NVIDIA-Merlin / Merlin

NVIDIA Merlin is an open source library providing end-to-end GPU-accelerated recommender systems, from feature engineering and preprocessing to training deep learning models and running inference in production.
Apache License 2.0
758 stars 113 forks source link

[BUG] Update Training and Serving Merlin on AWS SageMaker using latest merlin image #1039

Open rnyak opened 1 year ago

rnyak commented 1 year ago

Bug description

One of our customers are having an issue of reproducing the training and serving Merlin on AWS SM example and they get an error (will be provided eventually).

The documentation also should be improved/clarified since it is not clear how one can generate the dataset in Generating Dataset without installing Merlin libs, and using Merlin image.

Steps/Code to reproduce bug

The notebooks should be tested with the latest stable merlin-tensorflow image, and updated if required. Currently, in the example merlin-tensorflow:22.10 image is used.

Expected behavior

Environment details

Additional context

edknv commented 1 year ago

I'm working on updating the merlin-tensorflow image to 23.06 here: https://github.com/NVIDIA-Merlin/Merlin/pull/1040.

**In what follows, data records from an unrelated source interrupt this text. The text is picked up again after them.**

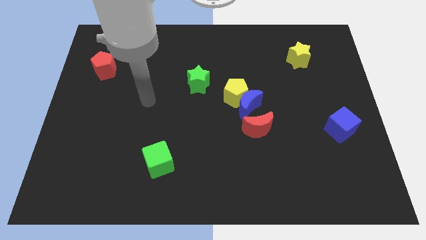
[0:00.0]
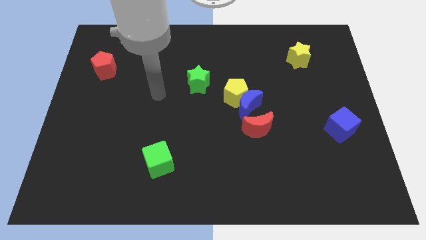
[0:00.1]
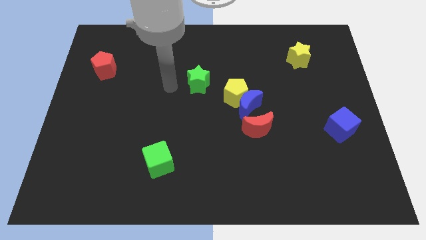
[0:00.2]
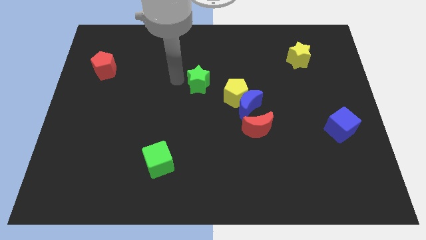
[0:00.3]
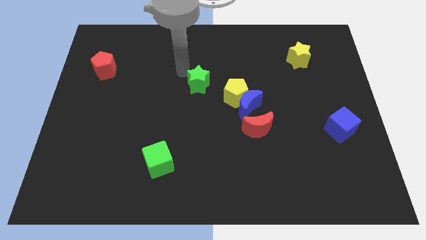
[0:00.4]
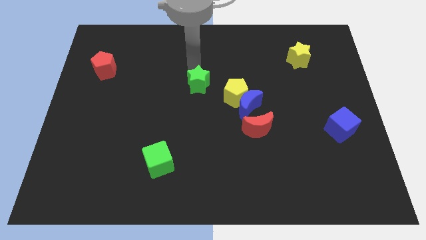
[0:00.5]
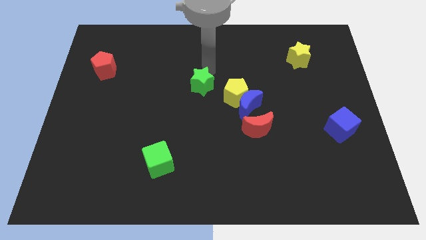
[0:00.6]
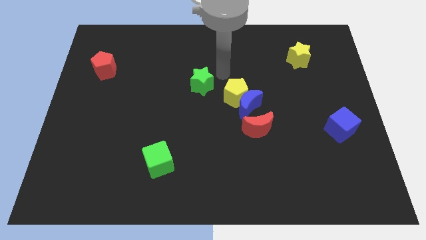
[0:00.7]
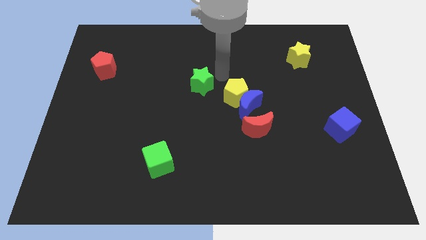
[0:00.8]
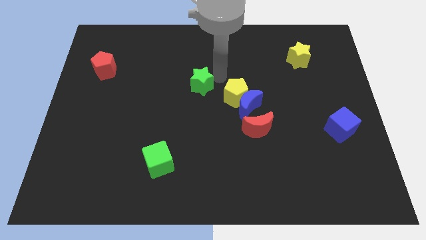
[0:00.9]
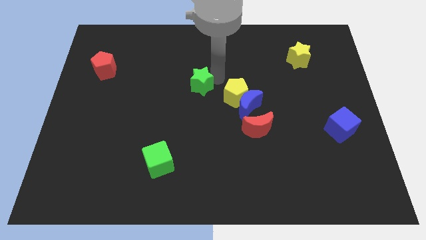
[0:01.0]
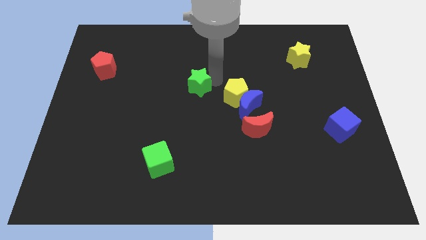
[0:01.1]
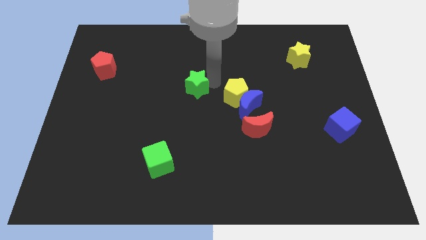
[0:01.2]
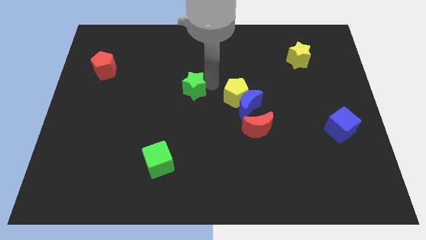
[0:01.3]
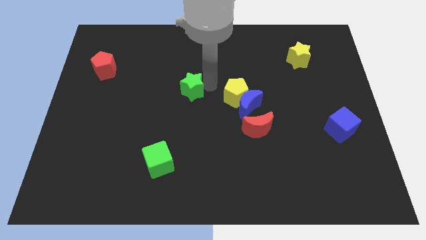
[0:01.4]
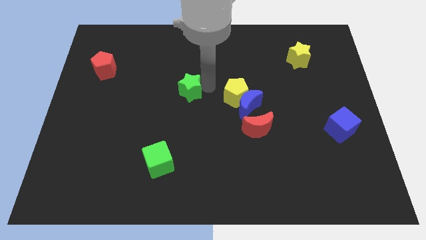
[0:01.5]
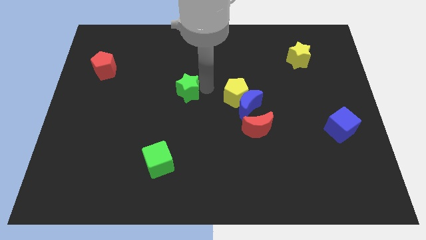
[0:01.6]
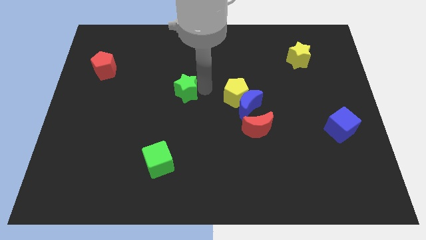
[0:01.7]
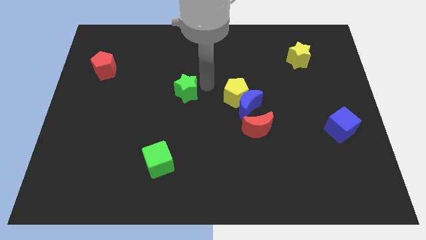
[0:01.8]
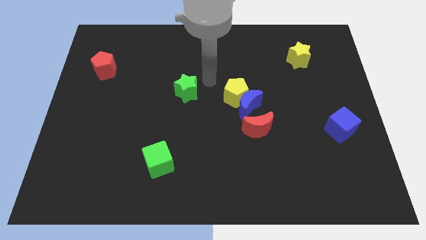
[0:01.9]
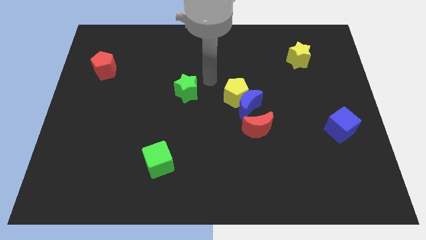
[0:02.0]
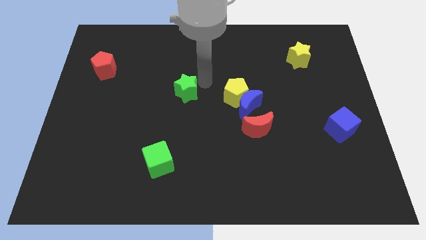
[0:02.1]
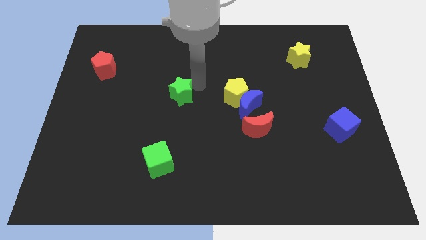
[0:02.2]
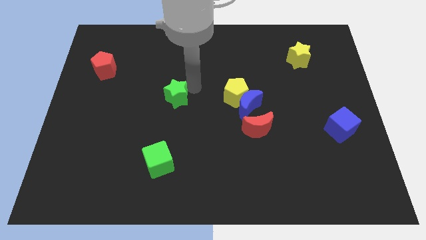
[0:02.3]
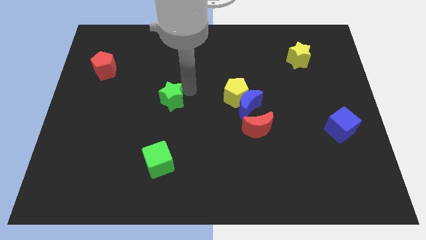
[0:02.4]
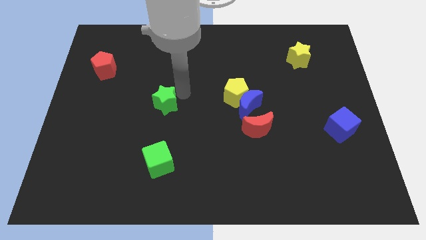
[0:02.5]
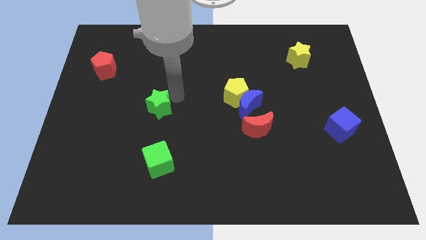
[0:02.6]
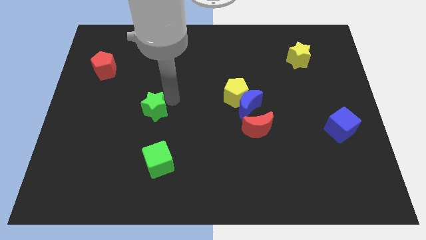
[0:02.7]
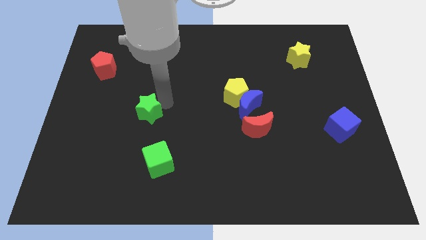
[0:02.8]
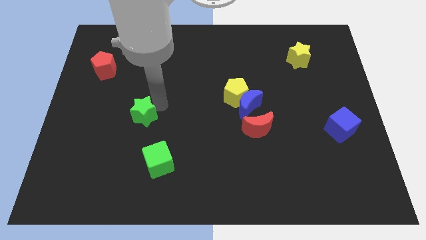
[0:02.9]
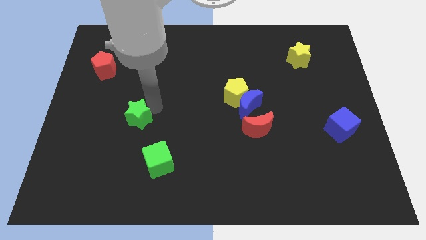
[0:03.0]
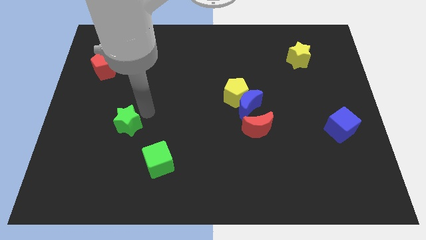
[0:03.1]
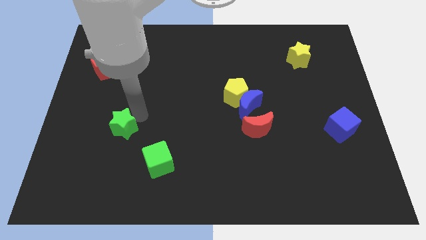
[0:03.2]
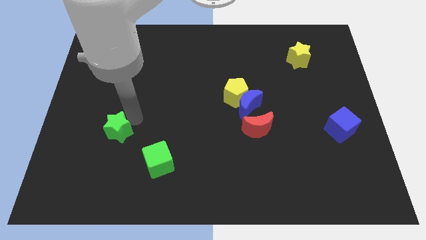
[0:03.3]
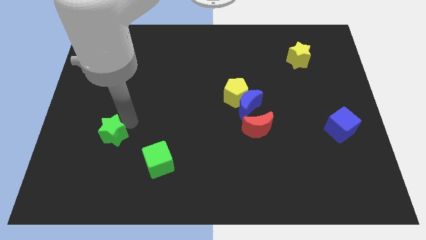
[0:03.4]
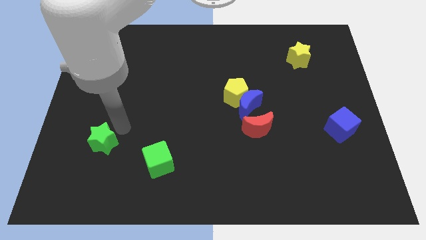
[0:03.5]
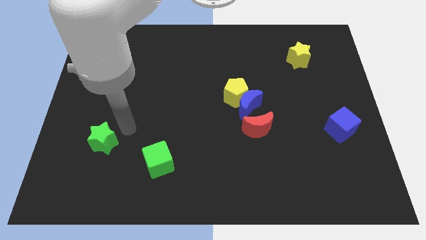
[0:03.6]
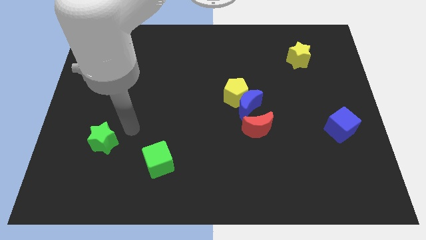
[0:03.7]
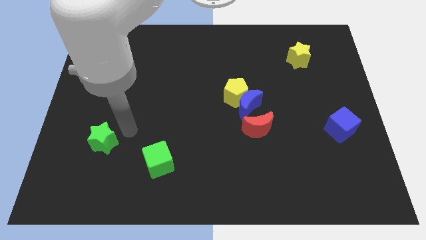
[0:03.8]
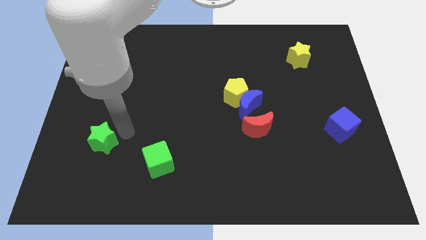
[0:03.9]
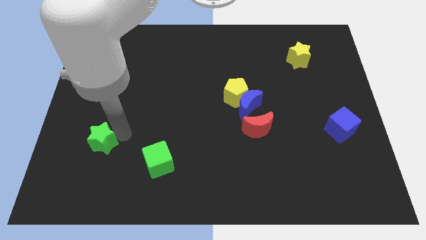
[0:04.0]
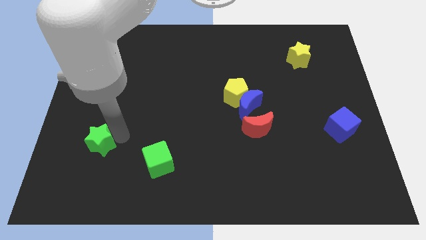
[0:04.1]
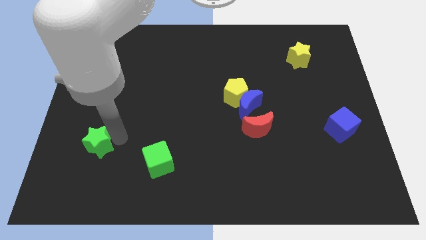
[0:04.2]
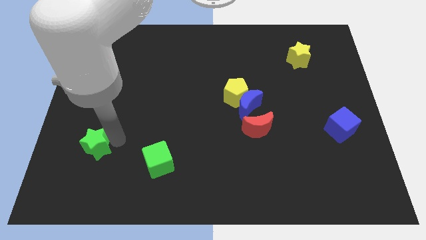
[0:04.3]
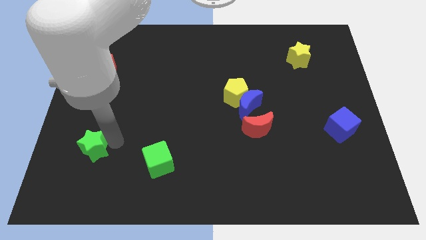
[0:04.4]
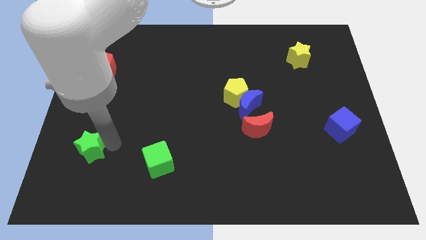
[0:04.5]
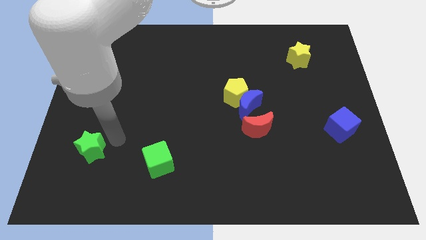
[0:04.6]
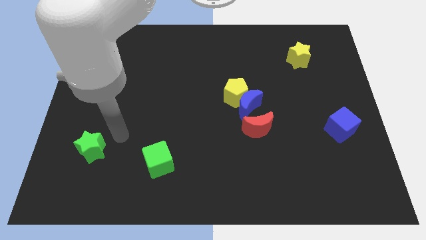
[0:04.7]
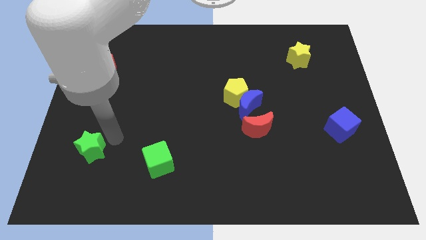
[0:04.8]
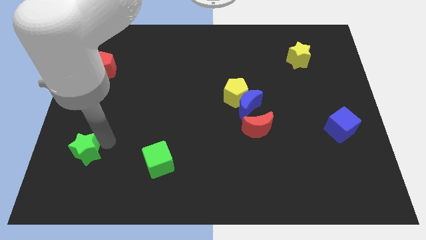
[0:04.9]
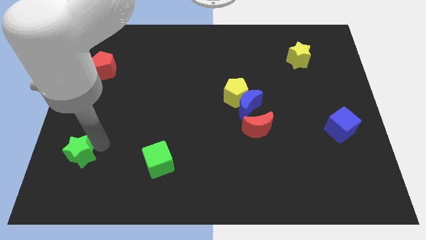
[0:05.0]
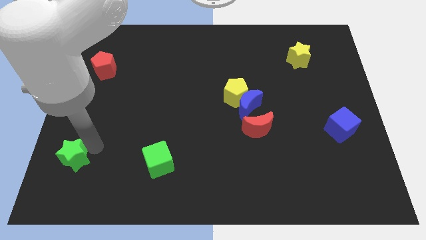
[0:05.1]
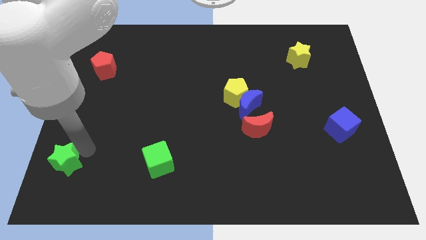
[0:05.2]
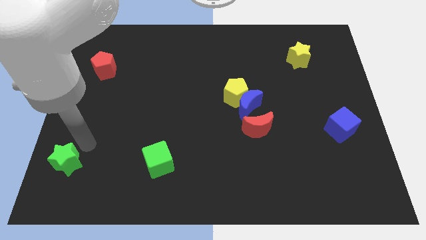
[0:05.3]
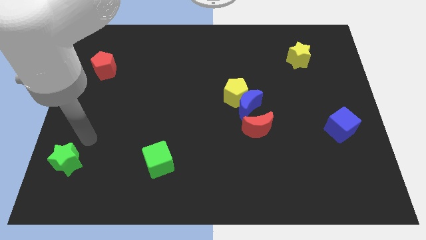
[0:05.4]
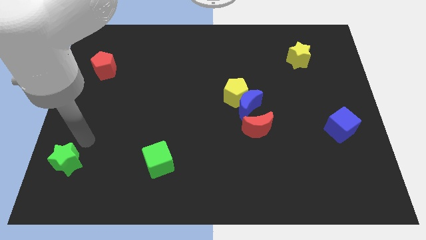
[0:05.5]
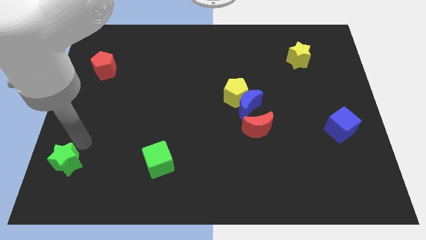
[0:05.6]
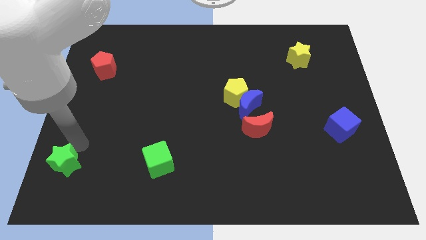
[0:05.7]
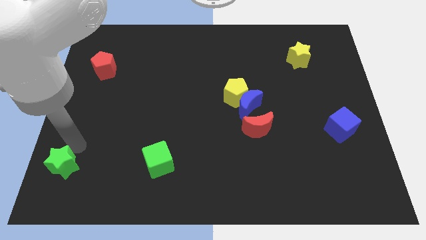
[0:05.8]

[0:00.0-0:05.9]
move the green star to the lower left corner

After bumping the image version to 23.06 and updating the processing workflow in train.py to reflect recent changes, and running the updated example on AWS, we are getting an error:

Failed to transform operator <merlin.systems.dag.runtimes.triton.ops.workflow.TransformWorkflowTriton object at 0x7fe7df82a160>
RuntimeError: Failed for execute the inference request. Model '0_transformworkflowtriton' is not ready.

which doesn't tell us much what is going wrong. I'll try to run the container locally to debug.

rnyak commented 1 year ago

I'm working on updating the merlin-tensorflow image to 23.06 here: #1040.

After bumping the image version to 23.06 and updating the processing workflow in train.py to reflect recent changes, and running the updated example on AWS, we are getting an error:

Failed to transform operator <merlin.systems.dag.runtimes.triton.ops.workflow.TransformWorkflowTriton object at 0x7fe7df82a160>
RuntimeError: Failed for execute the inference request. Model '0_transformworkflowtriton' is not ready.

which doesn't tell us much what is going wrong. I'll try to run the container locally to debug.

thanks @edknv !

wei-m-teh commented 12 months ago

@edknv are there any update on this issue? I am trying to deploy a Merlin model to Sagemaker following the example given. I am running into the same issue.

edknv commented 11 months ago

@wei-m-teh Apologies for the delay. It's in review at the moment, but I updated #1040 with a workaround I found for making the notebook work with the latest 23.08 image.

rnyak commented 11 months ago

@wei-m-teh can you please test this PR at your end? thanks.